**WHAT YOU WILL DO**: Go through the material and set down every line without alteration.
■ ■ ■ ■ ■
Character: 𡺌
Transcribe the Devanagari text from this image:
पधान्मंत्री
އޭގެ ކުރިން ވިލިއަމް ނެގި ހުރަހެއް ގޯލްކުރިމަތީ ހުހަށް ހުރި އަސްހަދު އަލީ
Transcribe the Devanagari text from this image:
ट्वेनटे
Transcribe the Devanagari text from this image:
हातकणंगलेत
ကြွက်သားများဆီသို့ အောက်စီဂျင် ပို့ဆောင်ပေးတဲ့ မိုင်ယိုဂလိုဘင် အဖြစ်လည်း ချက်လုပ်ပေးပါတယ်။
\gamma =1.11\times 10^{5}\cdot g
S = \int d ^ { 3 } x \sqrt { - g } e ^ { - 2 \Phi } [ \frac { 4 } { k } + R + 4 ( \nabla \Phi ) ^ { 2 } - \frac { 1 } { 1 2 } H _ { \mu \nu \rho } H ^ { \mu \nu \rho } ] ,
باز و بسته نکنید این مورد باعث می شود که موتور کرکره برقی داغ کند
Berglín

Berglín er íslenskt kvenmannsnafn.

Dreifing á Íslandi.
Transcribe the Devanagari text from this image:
■ ■ ■ ■ ■
**OUTPUT BELOW**:
Character: 𡺌
Transcribe the Devanagari text from this image:
पधान्मंत्री
އޭގެ ކުރިން ވިލިއަމް ނެގި ހުރަހެއް ގޯލްކުރިމަތީ ހުހަށް ހުރި އަސްހަދު އަލީ
Transcribe the Devanagari text from this image:
ट्वेनटे
Transcribe the Devanagari text from this image:
हातकणंगलेत
ကြွက်သားများဆီသို့ အောက်စီဂျင် ပို့ဆောင်ပေးတဲ့ မိုင်ယိုဂလိုဘင် အဖြစ်လည်း ချက်လုပ်ပေးပါတယ်။
\gamma =1.11\times 10^{5}\cdot g
S = \int d ^ { 3 } x \sqrt { - g } e ^ { - 2 \Phi } [ \frac { 4 } { k } + R + 4 ( \nabla \Phi ) ^ { 2 } - \frac { 1 } { 1 2 } H _ { \mu \nu \rho } H ^ { \mu \nu \rho } ] ,
باز و بسته نکنید این مورد باعث می شود که موتور کرکره برقی داغ کند
Berglín

Berglín er íslenskt kvenmannsnafn.

Dreifing á Íslandi.
Transcribe the Devanagari text from this image:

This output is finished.